Un environnement de staging. Cloudways facilite la création d’apps de staging. On aurait pu avoir deux webhooks : un pointant vers staging (déclenché à chaque push sur develop) et un vers la production (déclenché au merge sur main). Un classique que je n’ai jamais pris le temps de mettre en place.
BitBucket + Cloudways vs GitHub + Netlify
Maintenant que j’ai vécu les deux setups (voir mon article sur le déploiement sur Netlify via Github), voilà une comparaison franche.
La complexité de mise en place
Le setup BitBucket + Cloudways demande une configuration initiale non triviale : générer et déployer la clé SSH, écrire et héberger le script PHP, configurer le webhook avec les bons paramètres. Ça prend une heure à faire proprement, et si tu ne l’as pas fait récemment, il y a quelques pièges à éviter.

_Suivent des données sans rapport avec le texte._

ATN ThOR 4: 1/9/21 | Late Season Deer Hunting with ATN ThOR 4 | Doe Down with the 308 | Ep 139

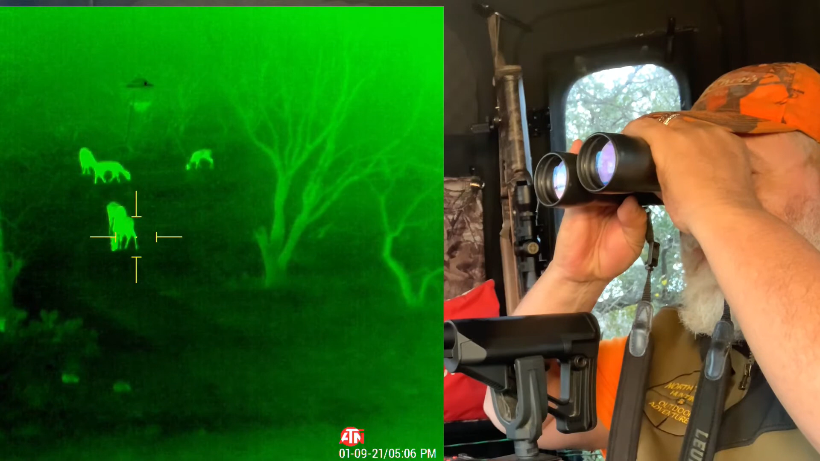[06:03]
Black Buck's a nice one too. It's going to be a nice one next year.

GitHub + Netlify, c’est dix minutes : tu connectes ton repo, tu indiques la commande de build et le dossier de sortie, et c’est plié. Netlify gère tout le reste.
La nature des projets
La comparaison n’est pas vraiment équitable, parce que les deux setups ne servent pas les mêmes besoins.
BitBucket + Cloudways est fait pour des projets avec un serveur applicatif : PHP, WordPress, bases de données. Tu as un vrai serveur configurable, avec accès SSH, gestion des processus, logs serveur, etc. C’est indispensable pour WordPress.

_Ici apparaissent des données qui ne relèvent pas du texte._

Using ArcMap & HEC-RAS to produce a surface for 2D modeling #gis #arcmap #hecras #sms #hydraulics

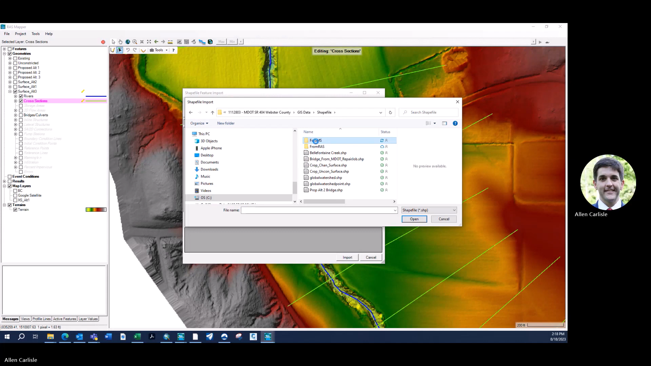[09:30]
Import features from shape file. So that cross section shape file that I made, I can go right to it here in my project folder. Bring it in. And click import. You'll see them show up on the screen. It's good at this juncture to go ahead and update their river stations. So you can do all attributes except terrain. And then I even come back and just update the terrain as well just so it has some data in there until we change it with our Excel data. We're going to stop editing. Yes. Yes. And yet it's going to renumber it.
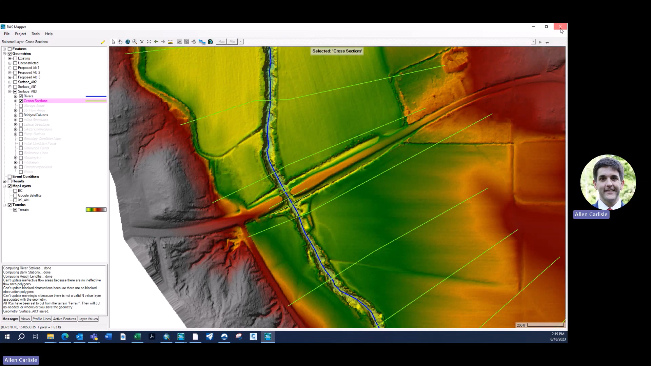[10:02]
At this juncture, you can go back into your geometry window. Zoom in. You can tell the four cross sections that have appeared.
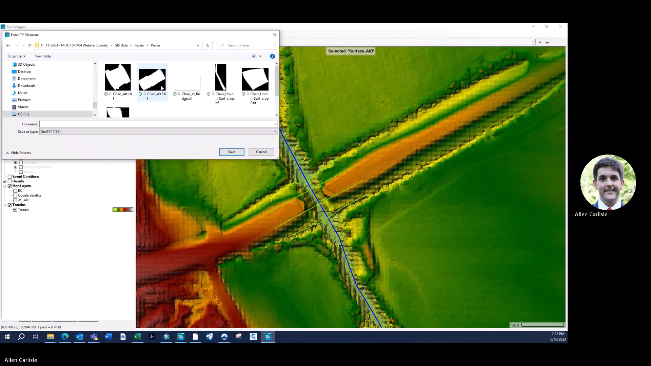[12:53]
Save it in your project folder. Save this as Alt 3. And I'm going to do a one foot RAS for cell size.
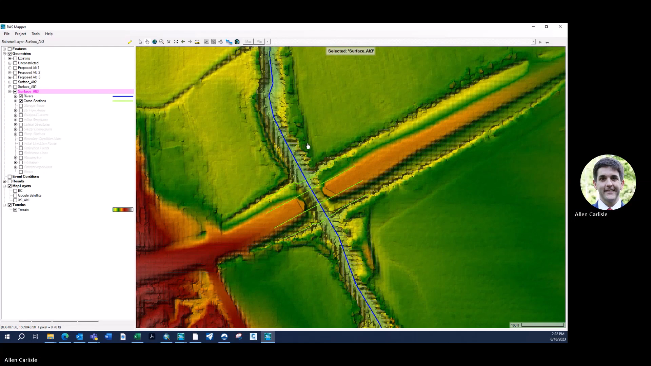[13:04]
Just to get a good surface there that has good definition. And now we're done with RAS. We're going to minimize that. Our last step is to come back in our GIS software.
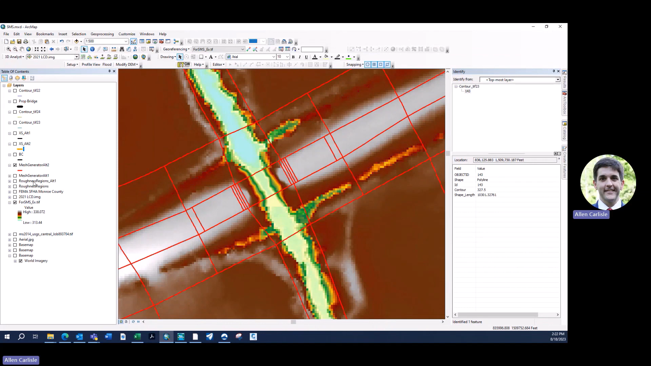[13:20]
And then I'm going to import that raster that I just exported.
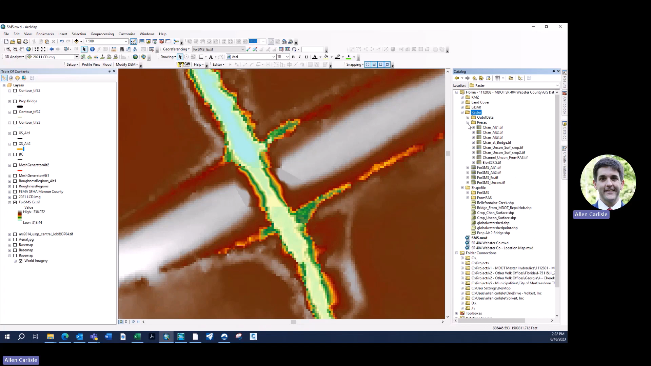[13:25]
I called it channel Alt 3.
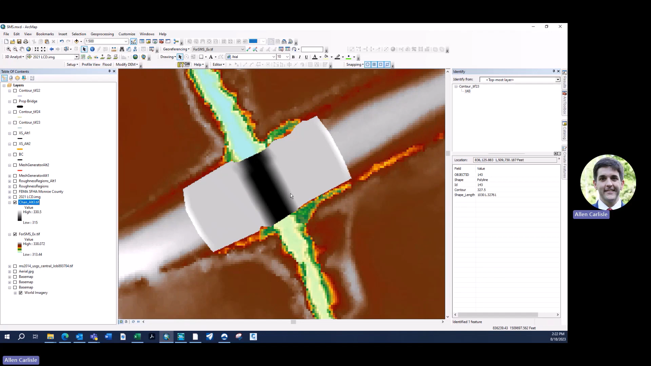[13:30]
You can see it appears geo-reference-wise right over our bridge surface. The last step is to burn this surface on top of the existing survey.
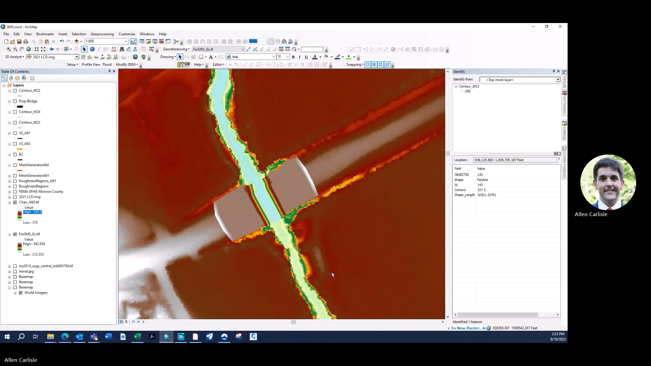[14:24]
In no time, it'll have your finished surface here with that new channel burned in, in the new excavation.
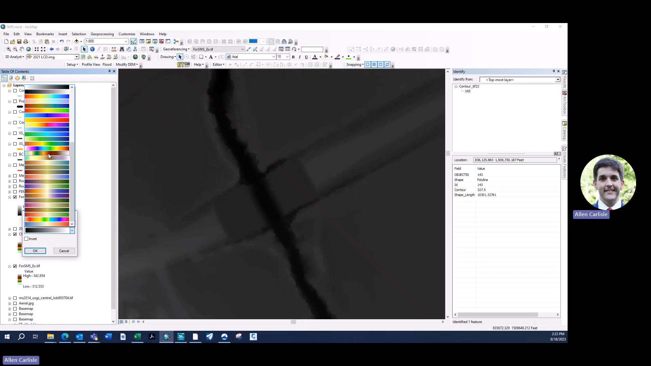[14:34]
So when I cut that on to see, you can tell.
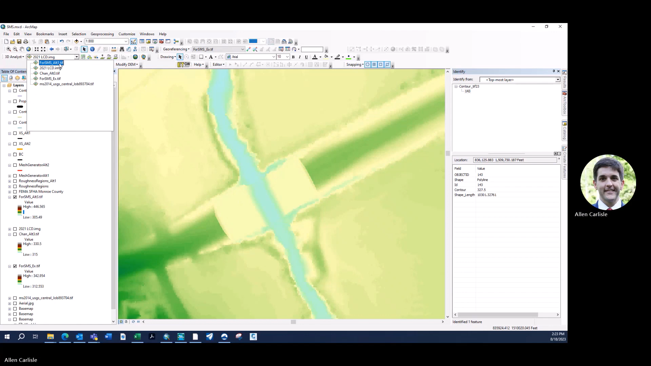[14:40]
When I interpolate a line along it through that area, first you can tell in the color ramp how this is all one elevation that it excavated down. You can also tell if you were to cut a cross section through there.

GitHub + Netlify est conçu pour du statique : HTML, CSS, JS générés à la compilation. Pas de serveur PHP, pas de base de données. Mon site React/Vite en est l’exemple parfait.
| BitBucket + Cloudways | GitHub + Netlify | |
|---|---|---|
| Mise en place | ~1h, config manuelle | ~10 min, guidé |
| Type de projet | Dynamique (PHP, WordPress) | Statique (React, Vite, Astro…) |
| Coût | Cloudways : ~12 €/mois minimum | Netlify : gratuit pour un usage perso |
| Maintenance serveur | À surveiller | Aucune |
| Flexibilité | Élevée (accès SSH, config serveur) | Limitée, mais suffisante pour du statique |
| Deploy previews | Non (pas nativement) | Oui, par branche ou PR |
| Rollback | Possible via Git | En un clic dans l’interface |
| Mécanisme de déploiement | Webhook → API → git pull | Push GitHub → build automatique |
Le bon outil pour le bon projet
Ce n’est pas que l’un soit meilleur que l’autre — c’est qu’ils ne jouent pas dans la même catégorie.

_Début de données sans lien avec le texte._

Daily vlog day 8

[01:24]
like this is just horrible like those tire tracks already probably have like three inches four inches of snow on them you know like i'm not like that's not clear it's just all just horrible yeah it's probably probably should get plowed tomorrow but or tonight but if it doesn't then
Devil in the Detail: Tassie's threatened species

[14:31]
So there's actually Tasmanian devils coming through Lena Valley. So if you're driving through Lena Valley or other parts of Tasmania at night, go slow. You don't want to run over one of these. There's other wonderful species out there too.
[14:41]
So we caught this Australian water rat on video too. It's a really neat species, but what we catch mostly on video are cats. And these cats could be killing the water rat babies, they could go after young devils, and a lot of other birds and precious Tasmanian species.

Pour un site WordPress, Cloudways reste une très bonne option, et le combo webhook BitBucket + API Cloudways fait le boulot efficacement. La mécanique est un peu artisanale comparée à Netlify, mais elle est fiable et donne un contrôle total sur ce qui est déployé et quand.
Pour un site statique ou une SPA, Netlify est imbattable en termes de simplicité et de rapport fonctionnalités/coût. La comparaison avec Cloudways ne tient même plus vraiment — c’est deux outils pensés pour des contextes fondamentalement différents.
Ma migration de WordPress vers React/Vite m’a conduit naturellement à changer de stack de déploiement. Ce n’était pas l’objectif premier, mais c’est l’une des bonnes surprises du changement : une infrastructure plus simple, sans serveur à maintenir, et gratuite pour un usage perso.